Flow characteristics that are in the range of 1/10 to 50 times, and that the discharge speed at any heating time within 2 hours to 10 hours is at least 2 to 50 times the discharge speed after 15 minutes. The laminated body characterized by using the ethylene-vinyl alcohol type copolymer shown in FIG. 6. An ethylene-vinyl alcohol-based copolymer is obtained after 15 minutes in the relationship between the heating time and the discharge rate at the hot melt molding temperature of the ethylene-vinyl alcohol-based copolymer in a Koka type flow tester.
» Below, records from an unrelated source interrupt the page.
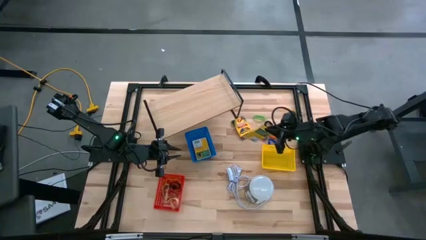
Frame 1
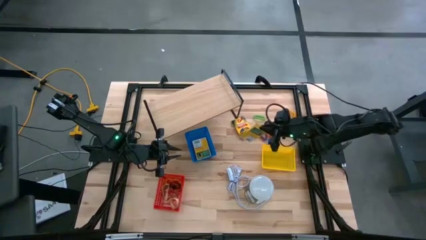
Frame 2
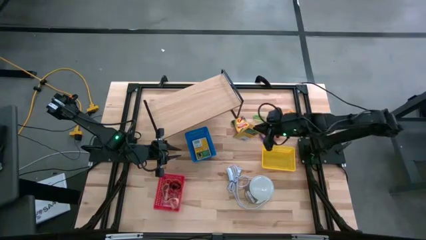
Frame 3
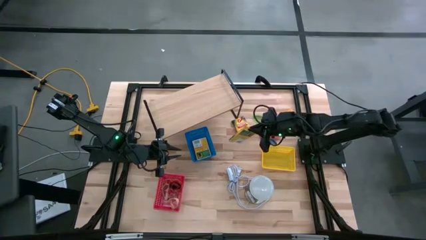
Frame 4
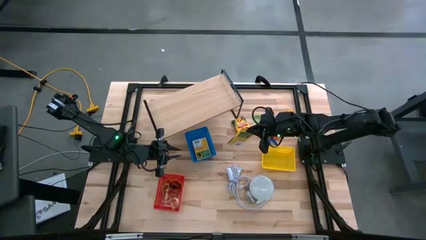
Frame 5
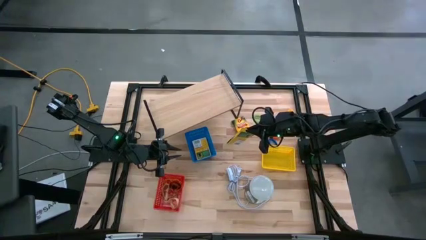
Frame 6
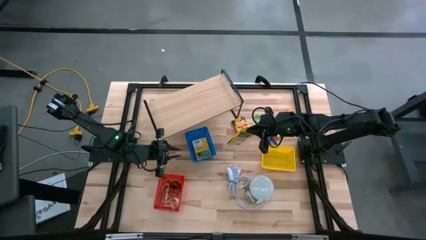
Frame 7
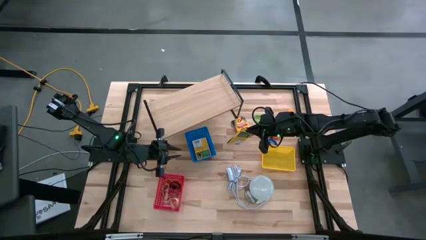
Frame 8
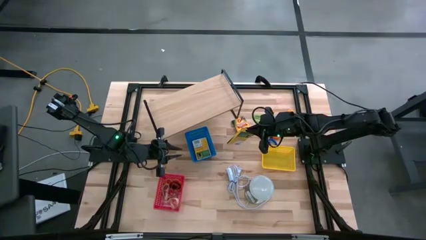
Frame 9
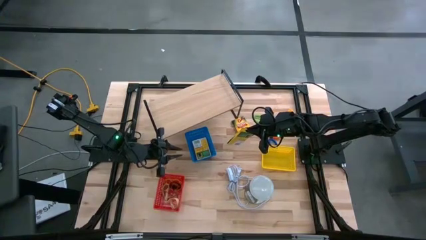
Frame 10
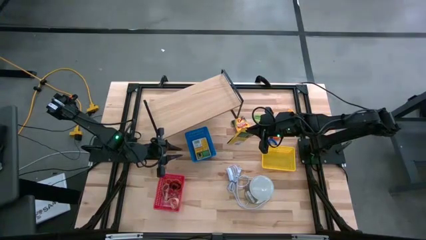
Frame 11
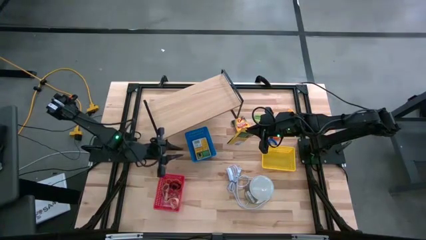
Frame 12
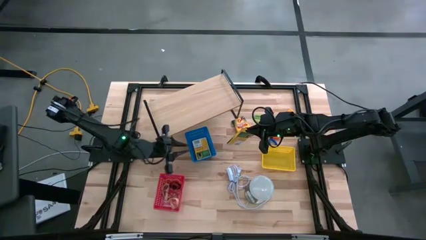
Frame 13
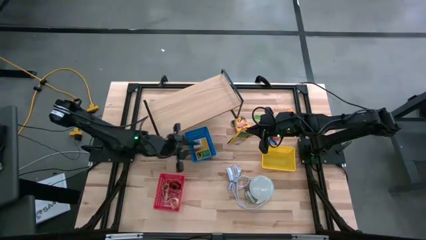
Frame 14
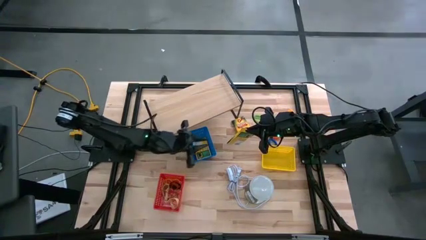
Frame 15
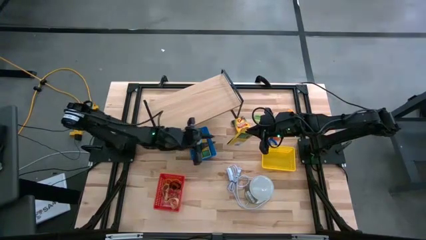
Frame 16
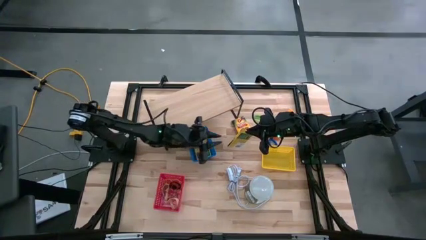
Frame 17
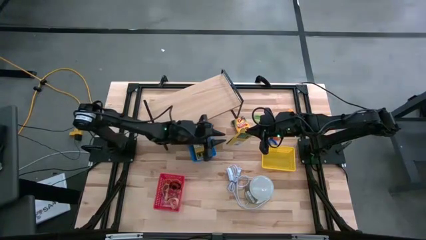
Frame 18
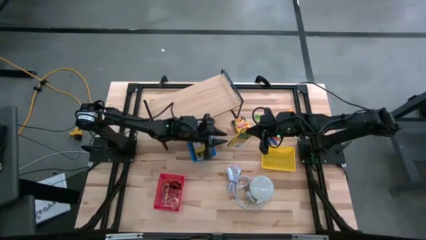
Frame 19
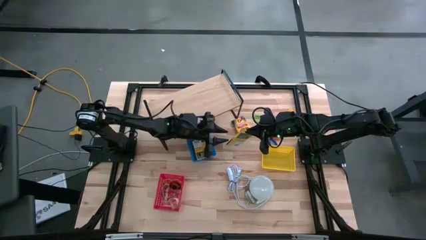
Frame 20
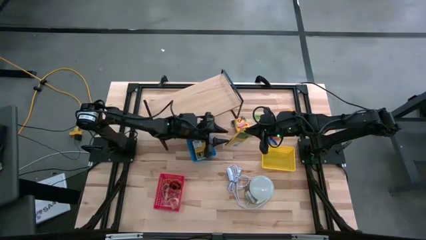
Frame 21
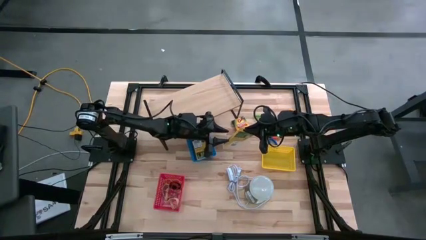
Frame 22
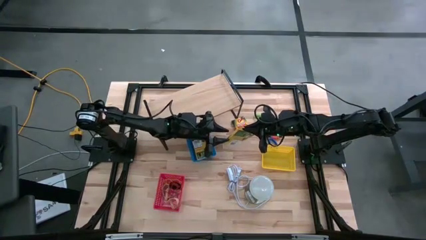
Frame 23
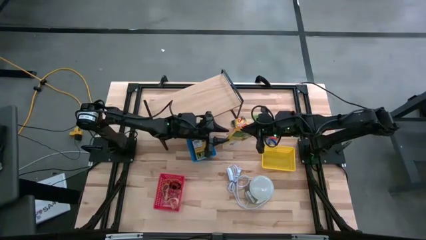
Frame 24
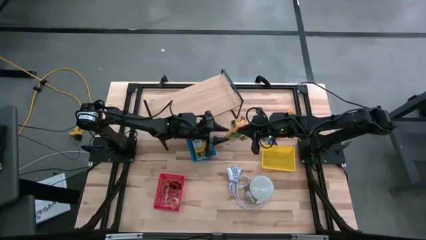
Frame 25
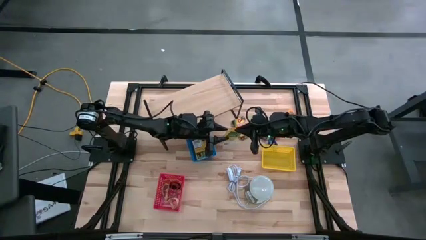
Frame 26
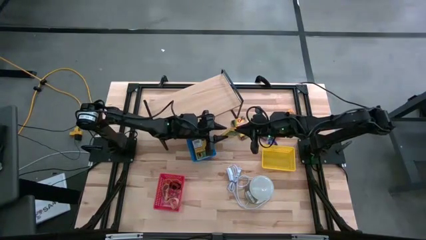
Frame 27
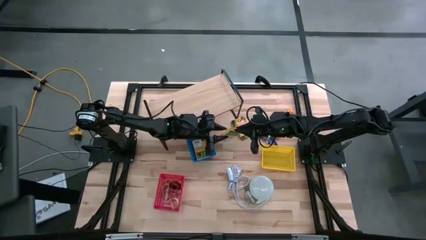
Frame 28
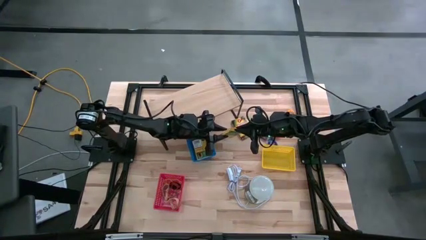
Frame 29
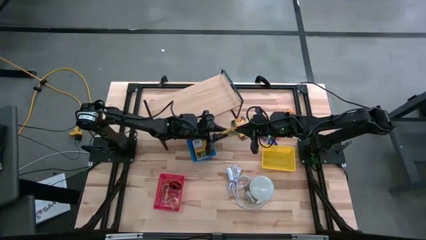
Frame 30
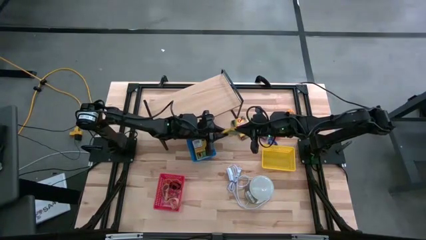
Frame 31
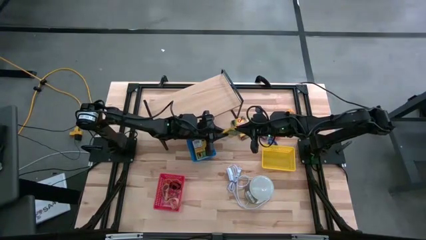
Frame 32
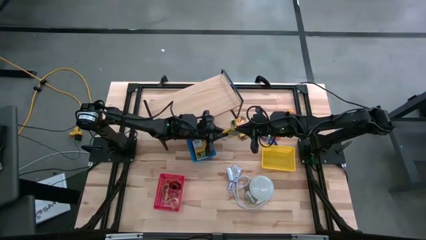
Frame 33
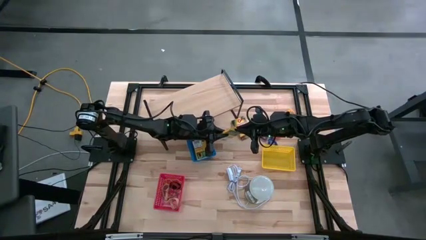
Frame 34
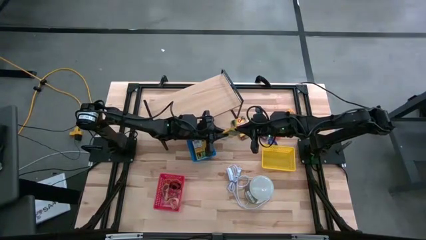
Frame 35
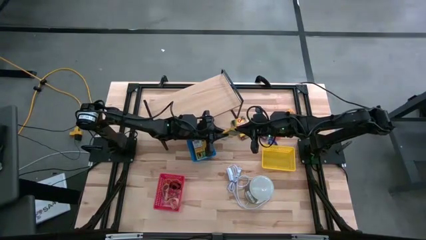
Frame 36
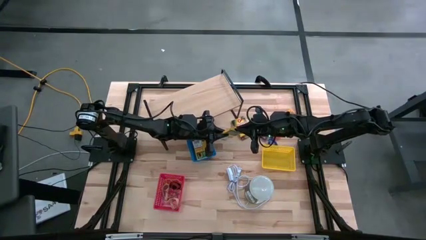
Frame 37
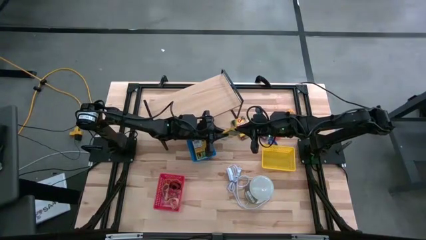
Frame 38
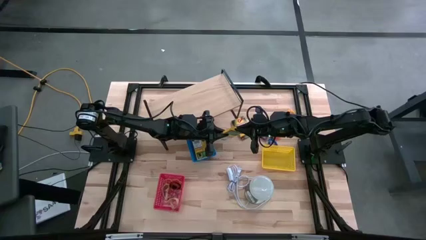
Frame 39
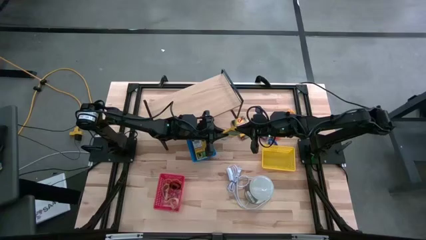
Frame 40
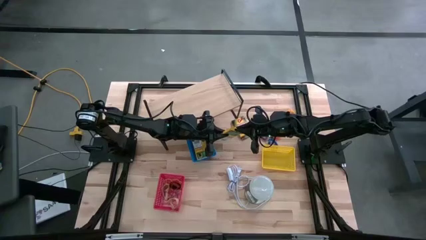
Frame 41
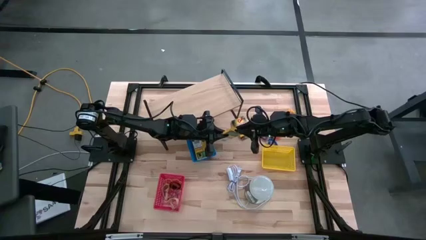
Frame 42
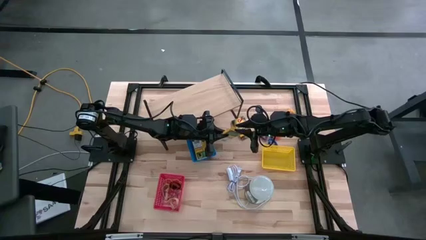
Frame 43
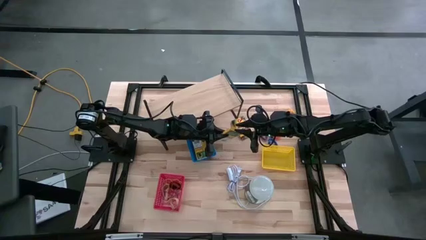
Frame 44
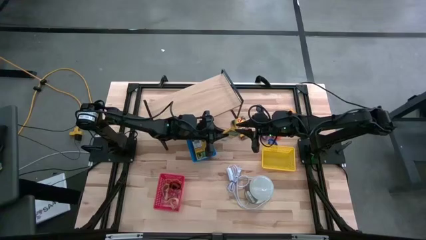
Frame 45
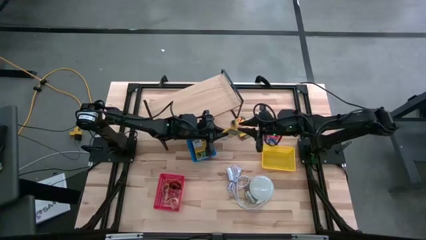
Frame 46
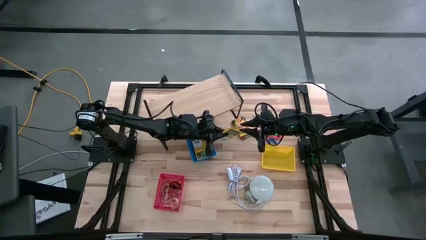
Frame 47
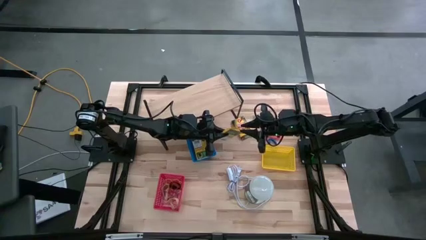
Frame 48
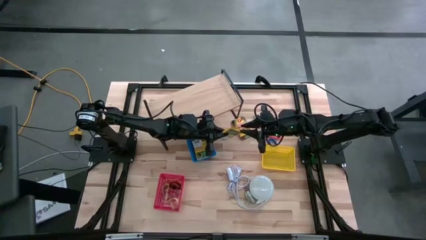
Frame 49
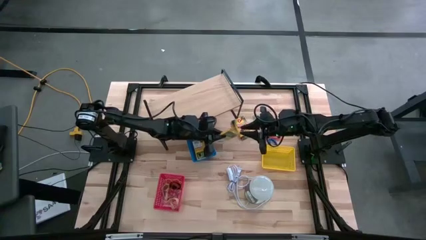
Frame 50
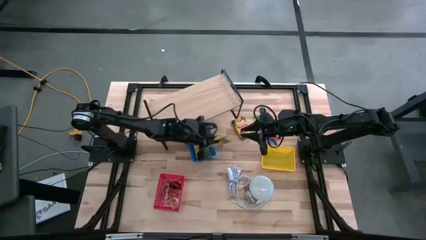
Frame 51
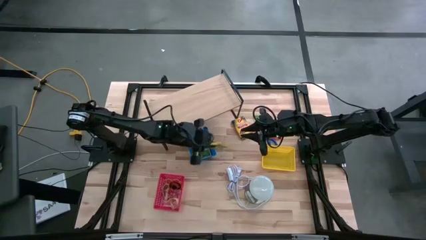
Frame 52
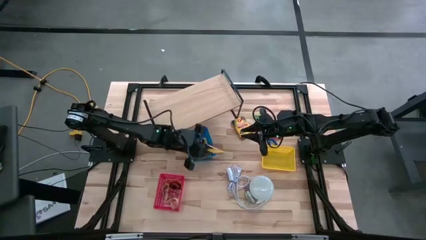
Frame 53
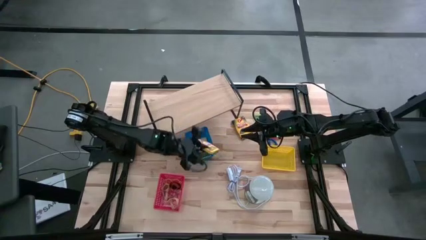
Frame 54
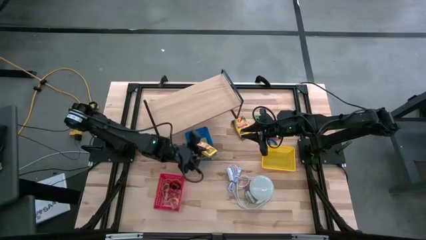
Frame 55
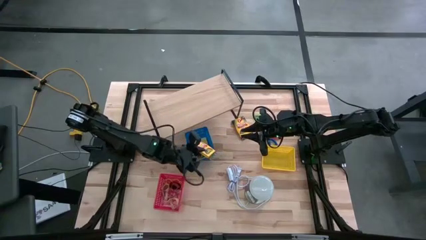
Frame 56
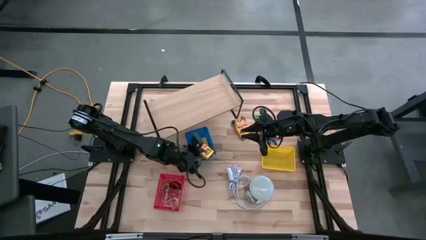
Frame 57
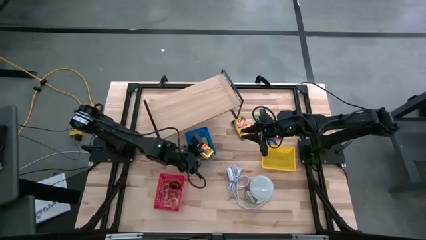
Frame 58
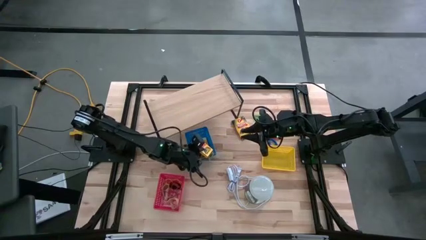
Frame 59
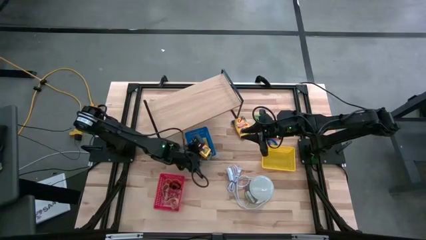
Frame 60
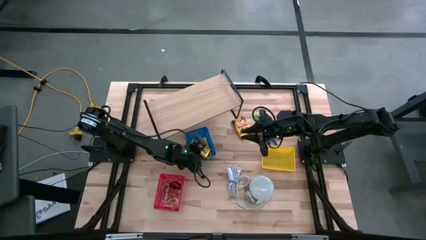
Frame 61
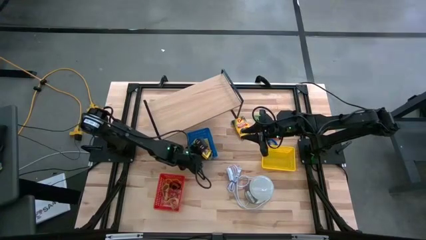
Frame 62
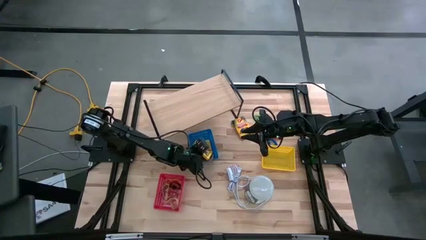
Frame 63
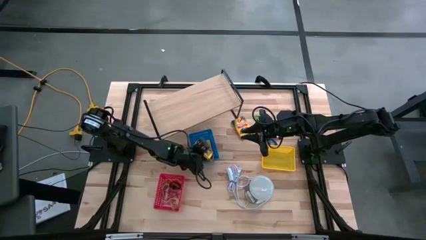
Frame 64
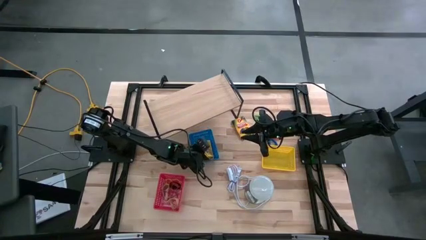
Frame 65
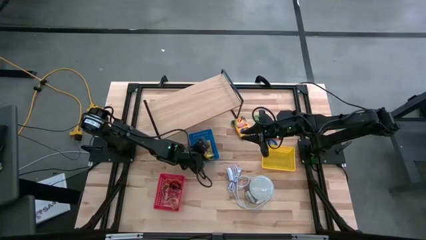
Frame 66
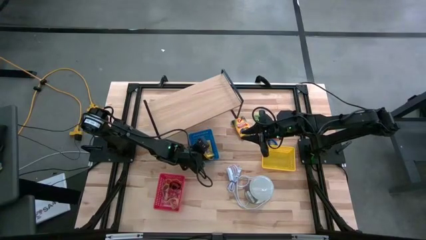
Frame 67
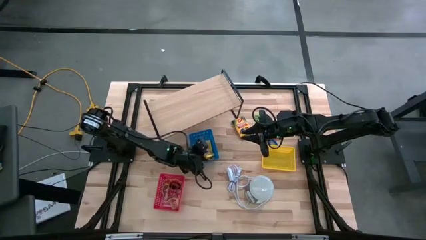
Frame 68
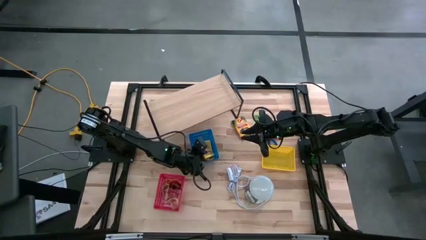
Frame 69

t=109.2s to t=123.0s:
Task: Pick & Place Office Desk Supplies
Put the yellow pack of crayon into the blue bin

The laminate according to claim 5, which exhibits flow characteristics that are 1/5 or more and 1 or less of the discharge speed at 0 minute discharge speed. 7. An ethylene-vinyl alcohol copolymer,
In the relationship between the heating time and the discharge rate at the heating and melt molding temperature of the ethylene-vinyl alcohol copolymer in the high-performance flow tester, the flow rate characteristic that the discharge rate within 2 hours to 10 hours increases within this time is shown. The laminated body according to claim 5, which is shown. 8. The hydrophobic thermoplastic resin is a homopolymer or a copolymer of polypropylene, polyethylene, ethylene-propylene copolymer, ethylene-vinyl acetate copolymer, thermoplastic polyester, polyamide, polystyrene, polyvinyl chloride, and polycarbonate. The laminate according to claim 5, which is at least one kind of resin selected. 9. The method according to claim 5, wherein the thermoplastic resin modified with an ethylenically unsaturated carboxylic acid or the carboxylic acid anhydride is a modified olefin polymer with an ethylenically unsaturated carboxylic acid or the carboxylic acid anhydride. The laminate described. 10. The laminate according to claim 5, wherein the olefin polymer is selected from ethylene-vinyl acetate copolymer and ethylene-acrylic acid ethyl ester copolymer.